- What this task involves
Copy out all lines of the records in which the word "shows" appears.

- Dataset items
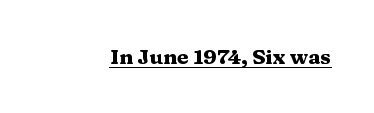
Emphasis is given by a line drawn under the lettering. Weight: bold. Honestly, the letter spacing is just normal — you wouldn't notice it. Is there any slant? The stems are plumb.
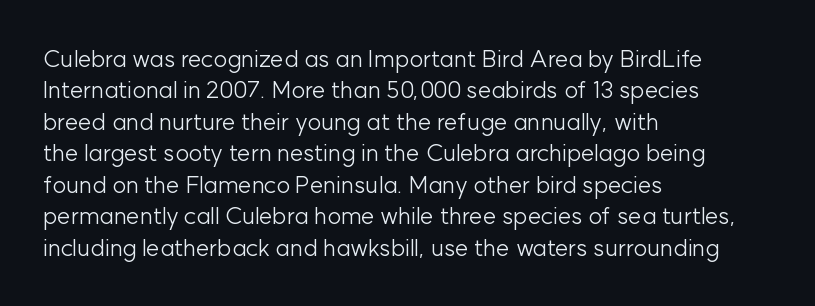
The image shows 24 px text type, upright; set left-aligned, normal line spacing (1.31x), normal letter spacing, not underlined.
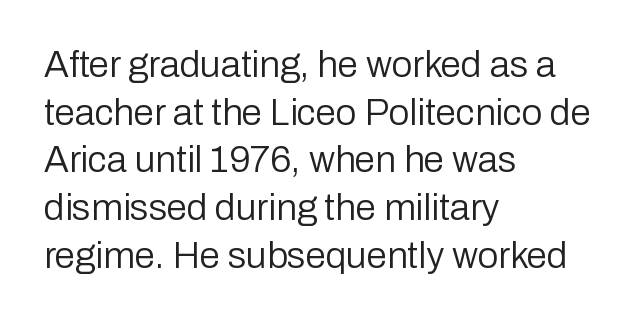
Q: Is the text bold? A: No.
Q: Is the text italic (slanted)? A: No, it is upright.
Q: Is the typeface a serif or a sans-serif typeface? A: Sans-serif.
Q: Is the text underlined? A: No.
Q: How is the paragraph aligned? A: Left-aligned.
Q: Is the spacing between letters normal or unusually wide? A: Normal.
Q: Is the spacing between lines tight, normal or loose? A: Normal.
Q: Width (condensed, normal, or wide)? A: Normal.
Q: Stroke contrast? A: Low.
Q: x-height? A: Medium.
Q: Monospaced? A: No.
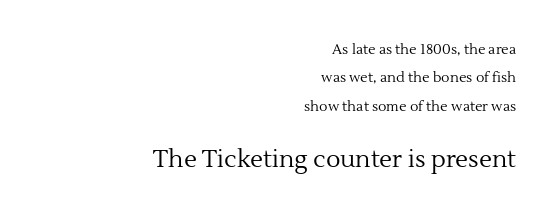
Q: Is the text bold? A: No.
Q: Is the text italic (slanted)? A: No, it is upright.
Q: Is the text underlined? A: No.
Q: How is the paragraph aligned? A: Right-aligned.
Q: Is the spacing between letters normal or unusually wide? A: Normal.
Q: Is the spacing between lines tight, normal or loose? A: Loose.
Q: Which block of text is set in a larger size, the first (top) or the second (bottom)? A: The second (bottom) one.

--

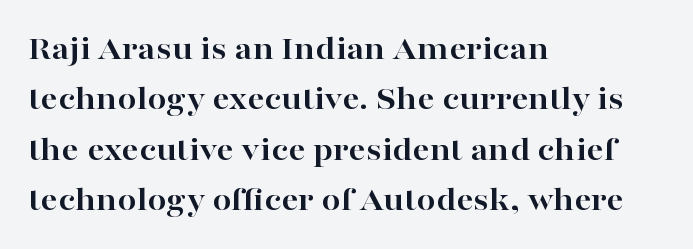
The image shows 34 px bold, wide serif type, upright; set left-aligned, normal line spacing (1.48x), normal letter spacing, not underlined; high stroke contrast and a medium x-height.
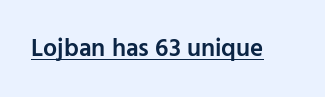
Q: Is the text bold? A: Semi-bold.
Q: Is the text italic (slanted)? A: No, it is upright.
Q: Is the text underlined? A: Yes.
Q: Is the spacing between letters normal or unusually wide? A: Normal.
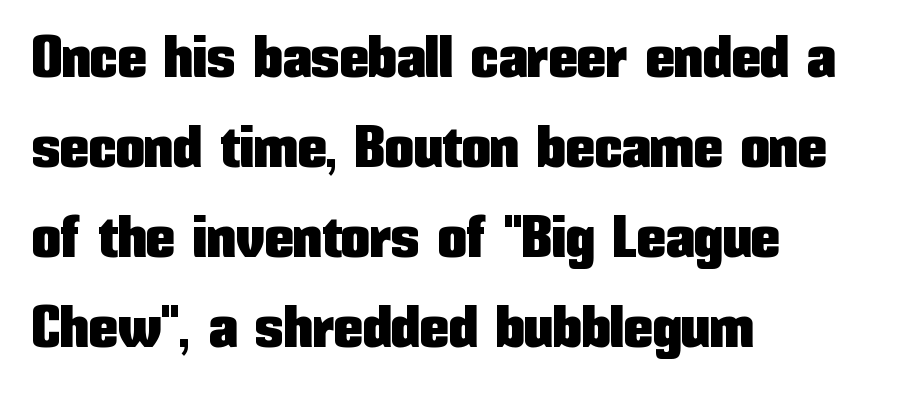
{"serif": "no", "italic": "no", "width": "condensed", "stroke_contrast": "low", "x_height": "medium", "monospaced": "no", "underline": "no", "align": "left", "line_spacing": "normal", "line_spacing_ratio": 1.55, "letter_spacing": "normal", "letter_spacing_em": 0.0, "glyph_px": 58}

- Written solution
The image shows 24 px text type, upright; set left-aligned, normal line spacing (1.31x), normal letter spacing, not underlined.
The image shows 34 px bold, wide serif type, upright; set left-aligned, normal line spacing (1.48x), normal letter spacing, not underlined; high stroke contrast and a medium x-height.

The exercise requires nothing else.